Action item: Would you copy each line of the records that includes the word "name"?

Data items
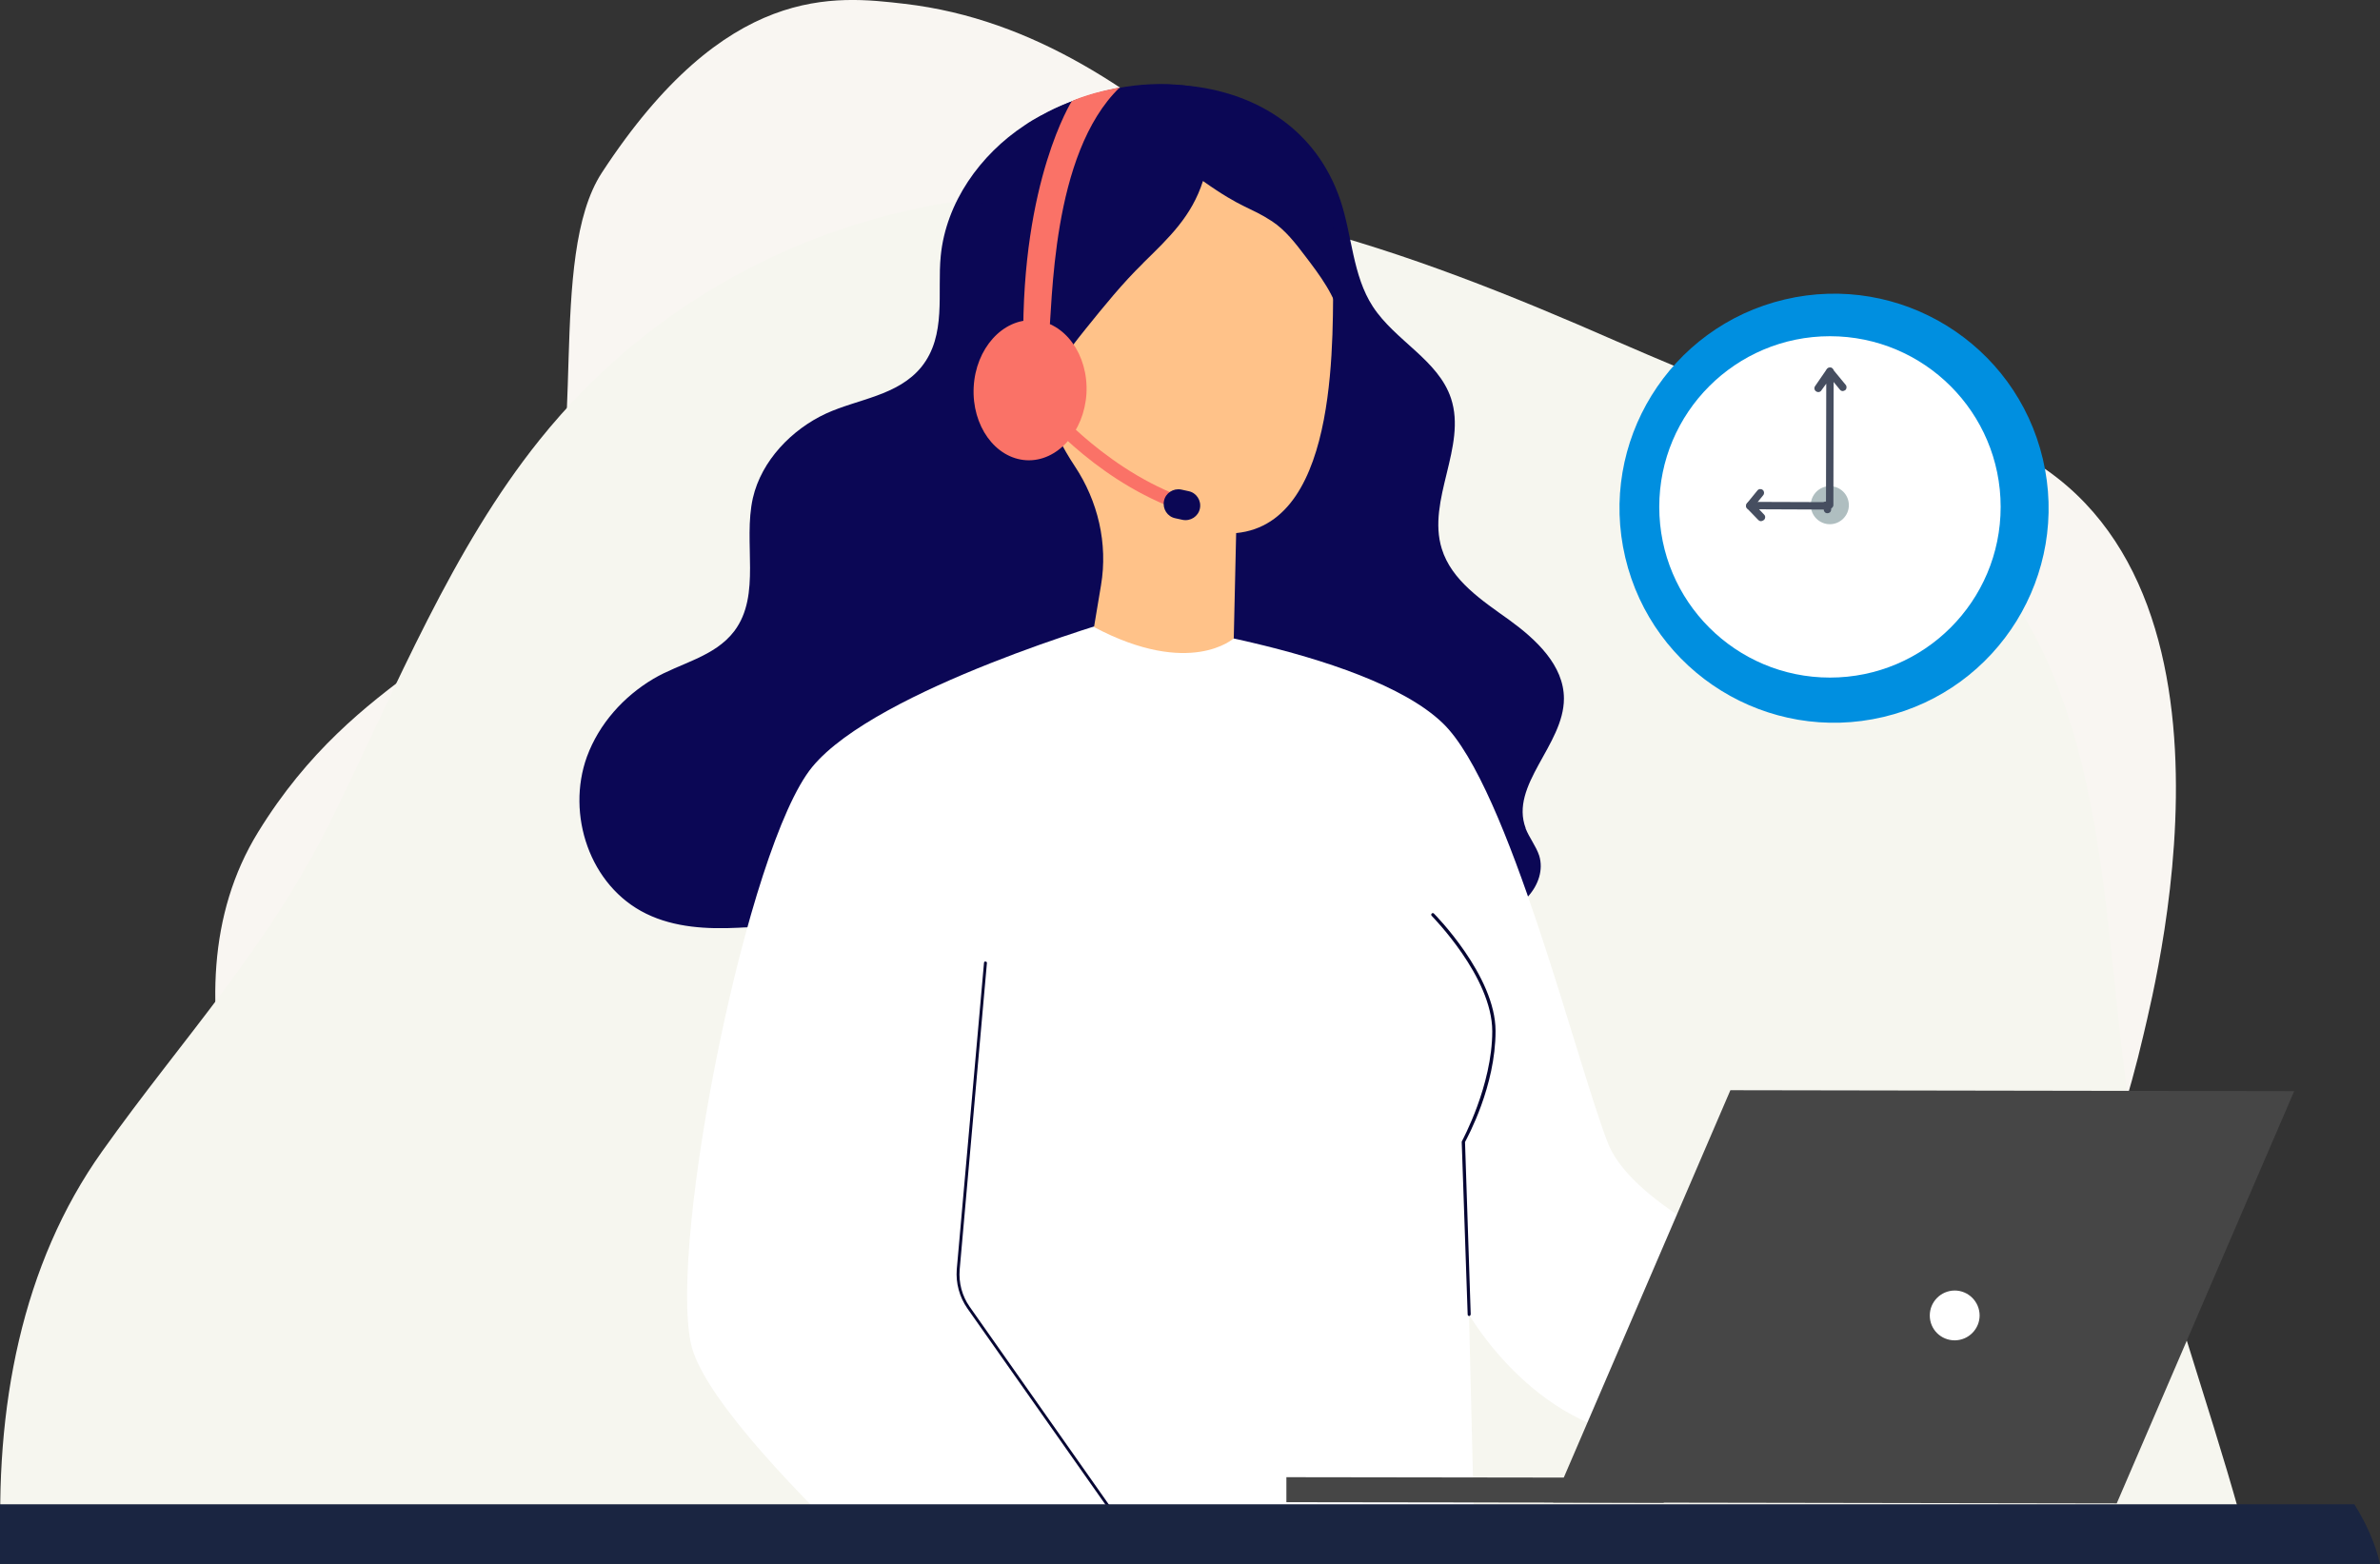 <?xml version="1.0" encoding="UTF-8"?>
<svg xmlns="http://www.w3.org/2000/svg" id="Capa_2" data-name="Capa 2" viewBox="0 0 180 118.29">
  <rect x="0" y="0" width="180" height="118.29" fill="#333333" stroke="none"/>
  <defs>
    <style>
      .cls-1 {
        fill: #f6f6ef;
      }

      .cls-2 {
        fill: #fb9391;
      }

      .cls-3 {
        fill: #f9f6f2;
      }

      .cls-4 {
        fill: #fa7267;
      }

      .cls-5 {
        fill: #060633;
      }

      .cls-6 {
        fill: #008fe0;
      }

      .cls-7 {
        fill: #fff;
      }

      .cls-8 {
        fill: #ffc289;
      }

      .cls-9 {
        fill: #afbec0;
      }

      .cls-10 {
        fill: #0b0755;
      }

      .cls-11 {
        fill: #1a2541;
      }

      .cls-12 {
        fill: #464e60;
      }

      .cls-13 {
        fill: #464646;
      }
    </style>
  </defs>
  <g id="Capa_1-2" data-name="Capa 1">
    <path class="cls-3" d="M152.65,104.57c3.63-8.39,7.33-17.1,9.46-26.29,1.07-4.6,9.52-37.88-12.75-45.45-5.85-1.98-26.5,.45-36.76-4.19C99.81,22.85,88.18,2.59,68.42,.29c-5.27-.61-13.5-1.61-22.9,12.77-4.18,6.4-1.03,21.63-4.51,28.34-4.05,7.81-13.96,9.29-21.49,21.54-7.64,12.42-.2,29.59,6.21,41.17,5.98,0,126.92,.46,126.92,.46Z"></path>
    <path class="cls-1" d="M170.26,117.82c-2.24-8.83-5.43-17.39-7.68-26.18-3.4-13.24-2.16-28.27-7.38-40.79-6.37-15.2-20.71-19.68-32.9-25.02-15.76-6.92-32.37-13.03-49.38-10.69-11.98,1.66-23.74,7.68-32.12,18.14-6.6,8.23-10.79,18.6-15.56,28.36-4.94,10.09-11.35,16.76-17.52,25.45C1.66,95.6-.45,106.49,.1,117.82H170.26Z"></path>
    <path class="cls-6" d="M142.44,54.23c8.72-2.06,14.12-10.8,12.06-19.52-2.06-8.72-10.8-14.12-19.52-12.06-8.72,2.06-14.12,10.8-12.06,19.52,2.06,8.72,10.8,14.12,19.52,12.06Z"></path>
    <path class="cls-7" d="M138.4,51.25c7.13,0,12.91-5.78,12.91-12.91s-5.78-12.91-12.91-12.91-12.91,5.78-12.91,12.91,5.78,12.91,12.91,12.91Z"></path>
    <path class="cls-9" d="M139.83,38.21c0-.8-.65-1.44-1.44-1.44s-1.44,.65-1.44,1.44,.65,1.44,1.44,1.44,1.44-.65,1.44-1.44Z"></path>
    <path class="cls-12" d="M138.38,38.49h-.28c-.17,0-.28-.13-.28-.28,0-.17,.13-.28,.28-.28l.02-8.91-.37,.51c-.08,.13-.26,.17-.4,.07-.13-.08-.17-.27-.07-.4l.88-1.28c.07-.1,.2-.15,.32-.12,.12,.03,.2,.15,.2,.28l-.02,10.12c0,.15-.13,.28-.28,.28Z"></path>
    <path class="cls-12" d="M139.38,29.58c-.08,0-.17-.03-.22-.1l-.98-1.19c-.1-.12-.08-.3,.03-.4,.12-.1,.3-.08,.4,.03l.98,1.19c.1,.12,.08,.3-.03,.4-.07,.03-.13,.07-.18,.07Z"></path>
    <path class="cls-12" d="M133.19,39.42c-.08,0-.15-.03-.2-.08l-.85-.88c-.08-.08-.1-.2-.05-.32,.05-.1,.15-.18,.26-.18l5.86,.02c.17,0,.28,.13,.28,.28v.28c0,.17-.13,.28-.28,.28-.17,0-.28-.13-.28-.28l-4.89-.02,.38,.4c.12,.12,.1,.3,0,.4-.1,.07-.17,.1-.23,.1Z"></path>
    <path class="cls-12" d="M132.33,38.54c-.07,0-.13-.02-.18-.07-.12-.1-.13-.28-.03-.4l.8-.98c.1-.12,.28-.13,.4-.03,.12,.1,.13,.28,.03,.4l-.8,.98c-.05,.07-.13,.1-.22,.1Z"></path>
    <path class="cls-10" d="M115.39,62.65c-1.24-3.27,2.89-6.31,2.89-9.81,0-2.52-2.11-4.48-4.15-5.96-2.04-1.46-4.35-2.97-5.09-5.38-1.14-3.68,1.91-7.72,.7-11.37-.96-2.9-4.23-4.36-5.91-6.94-1.54-2.36-1.56-5.38-2.46-8.05-1.79-5.29-6.21-8-11.12-8.61h-.02c-3.15-.4-6.52,.07-9.49,1.26-.68,.27-1.34,.58-1.97,.93h-.02c-.43,.23-.86,.48-1.26,.76-3.37,2.22-5.94,5.84-6.34,9.86-.28,2.8,.46,6.02-1.46,8.41-1.78,2.19-4.8,2.42-7.22,3.53-2.57,1.19-4.88,3.55-5.53,6.39-.76,3.37,.66,7.33-1.41,10.07-1.49,1.96-4.1,2.41-6.11,3.6-2.26,1.34-4.11,3.4-5.03,5.89-1.58,4.36,.2,9.79,4.48,11.88,2.14,1.05,4.61,1.18,7,1.06,.22-.02,.43-.02,.65-.03,4.35-.27,8.64-1.26,12.66-2.92,4.15-1.71,8.11-4.16,12.58-4.6,3.87-.38,7.7,.81,11.53,1.46,3.78,.63,7.7,.78,11.23,2.26,1.58,.66,3.04,1.59,4.63,2.21,1.59,.61,3.42,.9,4.99,.27,.55-.22,1.05-.58,1.44-1.03,.76-.85,1.16-1.99,.83-3.07-.25-.75-.76-1.36-1.04-2.09Z"></path>
    <path class="cls-7" d="M65.41,117.82h46.14l-.45-18.4s5.34,9.38,14.58,9.38c3.47,0,23.48,1.49,28.24-.03,7.95-2.56-.05-8.58-3.9-7.55-1.31,.35-25.42-7.05-28.42-14.78-2.41-6.19-7.48-26.93-12.48-31.74-5.92-5.71-24.44-7.91-24.44-7.91,0,0-18.37,5.28-23.25,11.22-4.89,5.94-10.84,35.71-9.18,43.59,.75,3.58,6.77,10.14,13.14,16.24Z"></path>
    <path class="cls-5" d="M111.12,99.54c-.07,0-.12-.05-.12-.12l-.45-13.04s0-.03,.02-.07c.02-.05,2.29-4.2,2.29-8.31s-4.55-8.68-4.58-8.73c-.05-.05-.05-.12,0-.17,.05-.05,.12-.05,.17,0,.05,.05,4.66,4.7,4.66,8.88s-2.11,8.01-2.31,8.4l.43,13.01c0,.08-.05,.15-.12,.15Z"></path>
    <path class="cls-5" d="M86.58,117.94s-.07-.02-.1-.05l-13.32-18.93c-.6-.86-.88-1.91-.8-2.95l2.06-23.18c0-.07,.05-.12,.12-.1,.07,0,.12,.07,.1,.12l-2.06,23.18c-.08,1,.18,1.99,.75,2.8l13.32,18.93c.03,.05,.02,.12-.03,.17,.02,.02,0,.02-.03,.02Z"></path>
    <path class="cls-8" d="M87.64,7.06c-6.35,.27-11.58,5.34-12.06,11.68-.17,2.09,.2,4.07,.95,5.86,1.64,4.45,3,8.03,4.75,10.65,1.76,2.65,2.52,5.86,1.99,9.01l-.53,3.17c7.28,3.85,10.57,.85,10.57,.85l.18-7.96c7.98-.76,7.25-15.48,7.35-19.83h-.02c.02-.17,.02-.33,.02-.5,.18-7.27-5.81-13.24-13.19-12.93Z"></path>
    <path class="cls-10" d="M86.45,19.91c-1.58,1.54-2.97,3.27-4.36,4.99-1.46,1.83-2.99,3.77-3.35,6.07-2.02-1.61-3.29-3.97-4.33-6.32-.48-1.1-.95-2.21-1.1-3.4-.2-1.68,.25-3.37,.7-4.99,.58-2.11,1.19-4.3,2.69-5.91,.98-1.06,2.27-1.79,3.6-2.37,3.09-1.34,6.55-1.97,9.89-1.43,3.34,.55,6.52,2.32,8.45,5.09,2.49,3.57,2.67,8.2,2.75,12.54-.4-1.81-1.56-3.35-2.69-4.83-.73-.96-1.48-1.94-2.49-2.61-1.73-1.13-2.21-.91-5.23-3.05-.85,2.67-2.56,4.28-4.53,6.21Z"></path>
    <path class="cls-2" d="M80.31,28.22c-.2-.41-.55-.73-.96-.91-.86-.37-2.39-.8-3.48,.25-1.59,1.53,1.44,5.71,4.58,3.73,0,0,.91-.86-.13-3.07Z"></path>
    <path class="cls-11" d="M180,118.29H0v-4.51H178.06c.93,1.49,1.59,2.99,1.94,4.51Z"></path>
    <path class="cls-4" d="M82.17,29.75c.15-2.92-1.63-5.39-3.98-5.53-2.36-.13-4.4,2.14-4.55,5.06-.15,2.92,1.63,5.39,3.98,5.53,2.34,.13,4.38-2.14,4.55-5.06Z"></path>
    <path class="cls-4" d="M79.3,25.9c.32-2.95,.18-14.25,5.38-19.28,0,0-2.14,.35-3.62,1.03,0,0-3.8,5.99-3.67,18.25h1.91Z"></path>
    <path class="cls-4" d="M88.82,38.46c-6.34-2.42-10.45-7.55-10.62-7.77l.8-.63s4.11,5.11,10.19,7.45l-.37,.95Z"></path>
    <path class="cls-10" d="M89.44,39.32l-.55-.12c-.6-.12-.98-.71-.86-1.31,.12-.6,.71-.98,1.31-.86l.55,.12c.6,.12,.98,.71,.86,1.31-.12,.6-.71,.98-1.31,.86Z"></path>
    <path class="cls-13" d="M173.51,82.53l-42.64-.07-13.41,31.18,42.63,.07,13.42-31.18Z"></path>
    <path class="cls-13" d="M97.29,111.73l28.54,.04v1.89s-28.54-.04-28.54-.04v-1.89Z"></path>
    <path class="cls-7" d="M145.95,99.5c0-1.03,.83-1.88,1.88-1.89,1.03,0,1.88,.83,1.89,1.88,0,1.03-.83,1.88-1.88,1.89-1.05,0-1.89-.83-1.89-1.88Z"></path>
  </g>
</svg>

Exercise output:
<svg xmlns="http://www.w3.org/2000/svg" id="Capa_2" data-name="Capa 2" viewBox="0 0 180 118.29">
  <g id="Capa_1-2" data-name="Capa 1">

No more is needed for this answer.